### Task to complete
Each entry below must be written out exactly, with pictures left out.

### Input

***

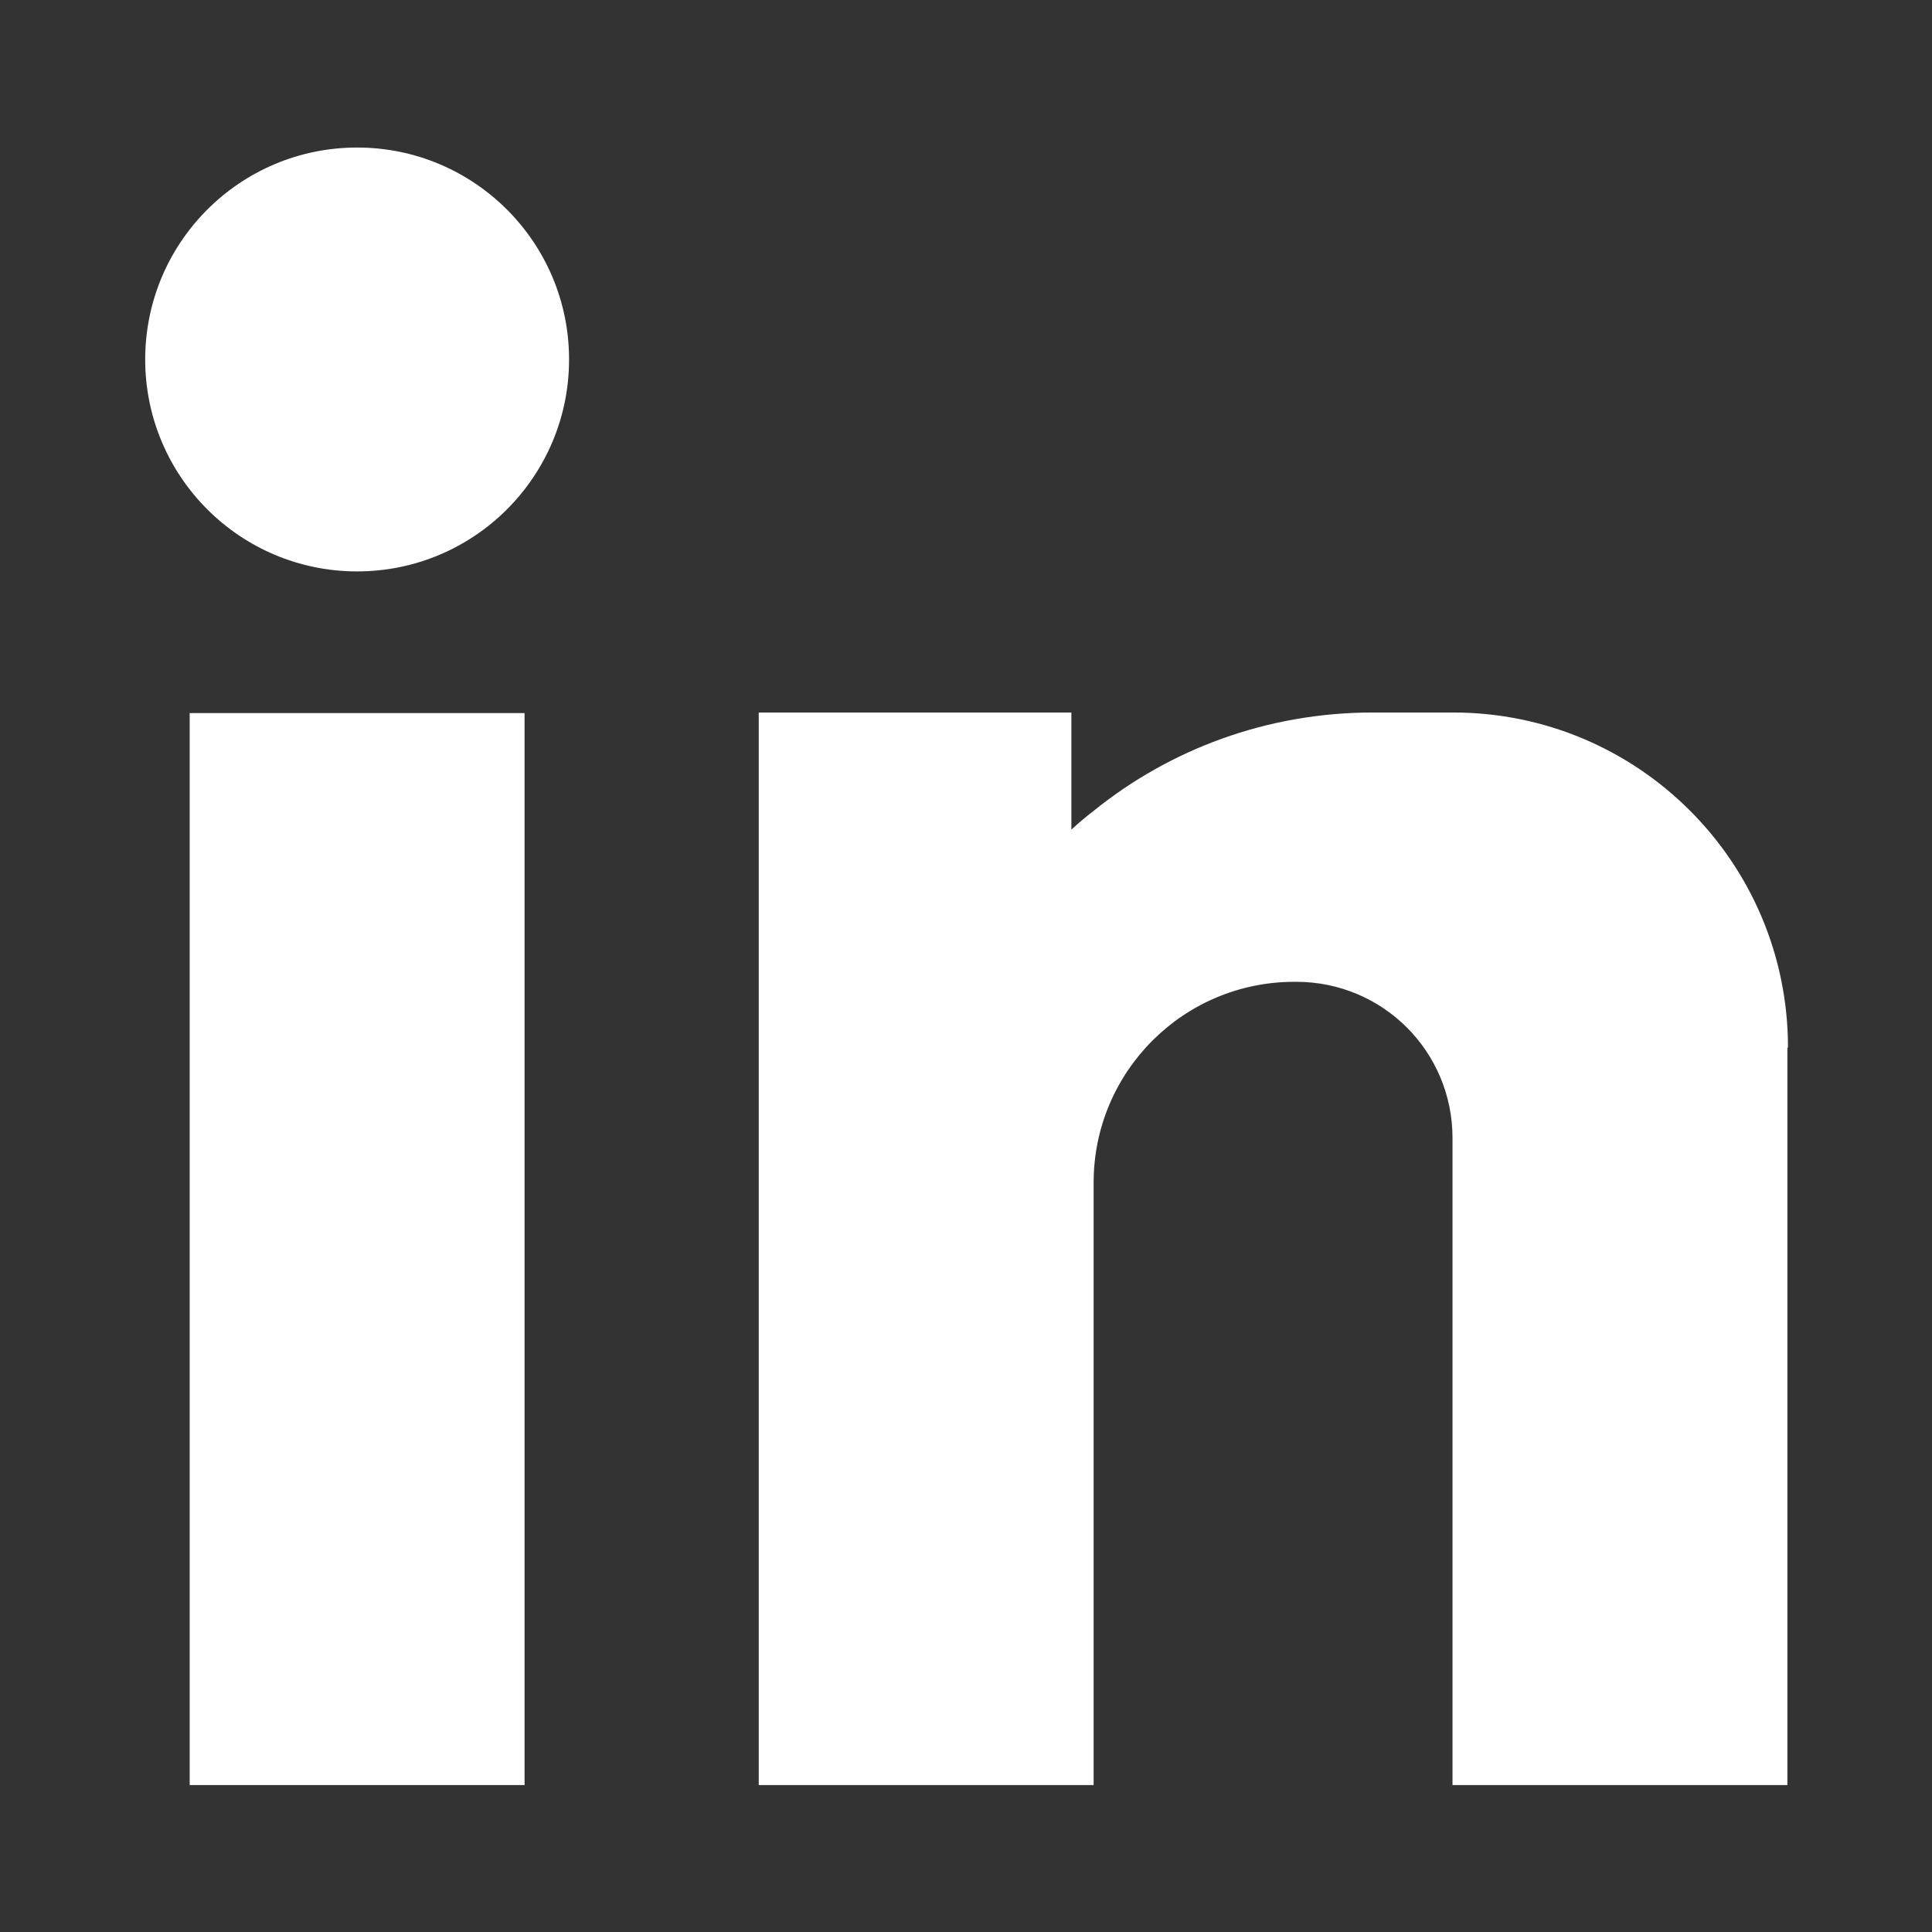 <?xml version="1.0" encoding="UTF-8"?>
<svg id="Layer_1" xmlns="http://www.w3.org/2000/svg" viewBox="0 0 33 33">
  <rect x="0" y="0" width="33" height="33" fill="#333333" stroke="none"/>
  <defs>
    <style>
      .cls-1 {
        fill: #ffffff;
      }
    </style>
  </defs>
  <path class="cls-1" d="M30.53,17.9v12.59h-5.72v-11.05c0-1.48-1.19-2.67-2.67-2.67h-.03c-1.9,0-3.43,1.54-3.43,3.43v10.29h-5.72V12.17h5.34v2c.12-.11.25-.22.38-.32,1.3-1.05,2.96-1.68,4.77-1.68h1.37c3.16,0,5.72,2.56,5.72,5.72Z"/>
  <rect class="cls-1" x="3.24" y="12.18" width="5.72" height="18.31"/>
  <circle class="cls-1" cx="6.1" cy="6.14" r="3.62"/>
</svg>

***

### Output of the exercise
 <?xml version="1.0" encoding="UTF-8"?>
<svg id="Layer_1" xmlns="http://www.w3.org/2000/svg" viewBox="0 0 33 33">
  <rect x="0" y="0" width="33" height="33" fill="#333333" stroke="none"/>
  <defs>
    <style>
      .cls-1 {
        fill: #ffffff;
      }
    </style>
  </defs>
  <path class="cls-1" d="M30.53,17.9v12.59h-5.72v-11.05c0-1.48-1.19-2.67-2.67-2.67h-.03c-1.9,0-3.43,1.54-3.43,3.43v10.29h-5.72V12.17h5.34v2c.12-.11.25-.22.38-.32,1.3-1.05,2.96-1.68,4.77-1.68h1.37c3.16,0,5.72,2.56,5.72,5.72Z"/>
  <rect class="cls-1" x="3.24" y="12.18" width="5.72" height="18.31"/>
  <circle class="cls-1" cx="6.1" cy="6.14" r="3.62"/>
</svg>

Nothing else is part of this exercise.